GSA Annual Meeting in Seattle, Washington, USA - 2017

Paper No. 206-6
Presentation Time: 9:20 AM

APPLYING TEXT AND DATA MINING TO GEOLOGICAL ARTICLES: TOWARDS COGNITIVE COMPUTING ASSISTANTS


CLEVERLEY, Paul Hugh, Information Management, Robert Gordon University, 12 Nelson Close, Wallingford, OX10 0LG, United Kingdom, p.h.cleverley@rgu.ac.uk

Text and Data Mining (TDM) is the use of automated analytical techniques to analyse text and data for patterns, trends and other useful information. Cognitive Computing combines this with Natural Language Processing (meaning) and Machine Learning (prediction) to ‘mimic’ human thought processes to augment decision making.

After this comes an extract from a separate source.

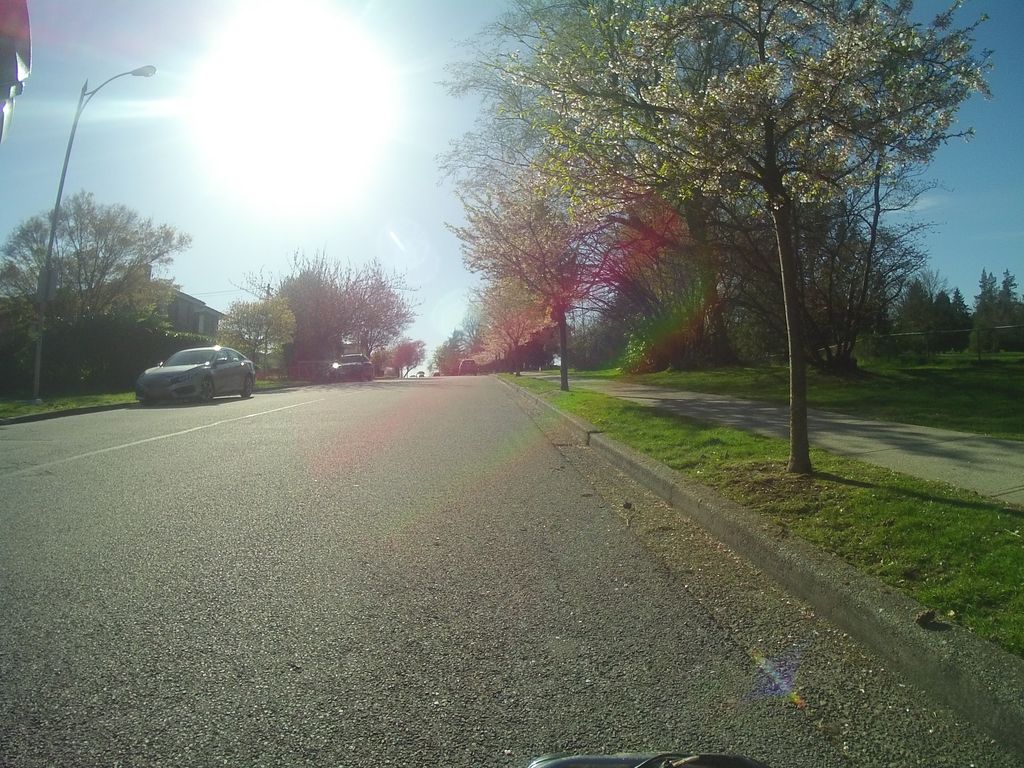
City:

Whilst expert systems rely on pre-defined subject matter associations and are more susceptible to human cognitive biases, data driven Cognitive Computing apps have the potential to generate new knowledge. The existing TDM in Geosciences literature focuses on addressing a priori hypotheses, counting the frequency of specific concept occurrences within text and visualizing the results spatially and by Geological Time. Few studies have examined capabilities for prediction and serendipity, taking the geoscientist off the beaten track.

Set Theory, word vector and neural network techniques were applied using Python to 100,000+ articles from the Society of Petroleum Engineers, Geological Society of London, American Geosciences Institute and Society of Economic Geologists (via GeoScienceWorld). This led to the generation of stimulants with ‘surprising’ associations to given search terms and Geological Formation analogues. Mixed methods data was collected from the interaction of 53 geoscientists with the stimulants in two Oil & Gas organizations. Integration with environmental and health databases (e.g. NOAA) was also explored.

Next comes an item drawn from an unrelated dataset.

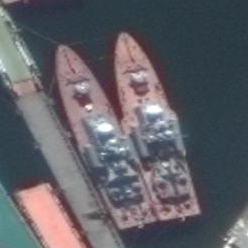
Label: destroyer
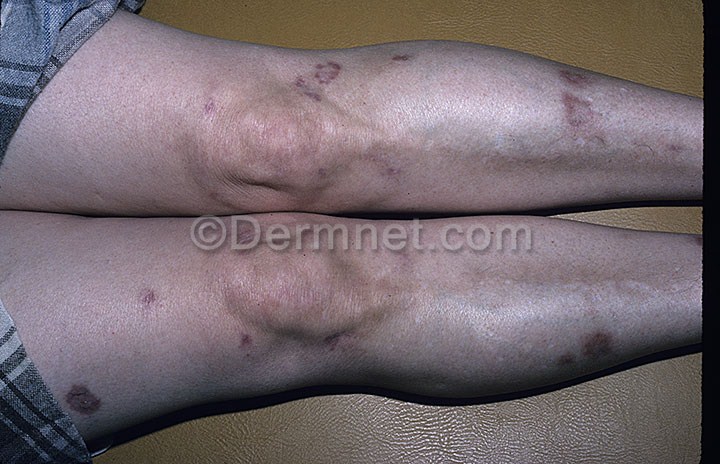
Disease: Systemic Disease

The results showed that discriminant search term word co-occurrence facilitates serendipity (unexpected, insightful and valuable information encounters) to a greater extent than techniques deployed in existing search tools in the organization surveyed. The Geological Formation analogue instrument surfaced interesting analogues that were hitherto not known by experienced geologists.

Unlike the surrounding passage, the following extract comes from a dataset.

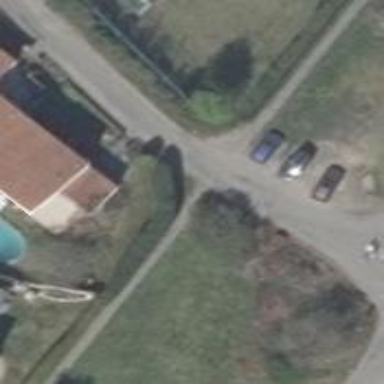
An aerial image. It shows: Residential road with asphalt surface.

Designing for serendipity may not be a widespread design assumption for enterprise search tools used by geoscientists, despite the scientific and commercial benefits. Search task driven Cognitive Computing apps may stimulate creativity and be particularly useful to suggest geoscience analogues. The integration of word vectors with existing data in structured databases may have the potential to yield new scientific discoveries and provides an area for further research.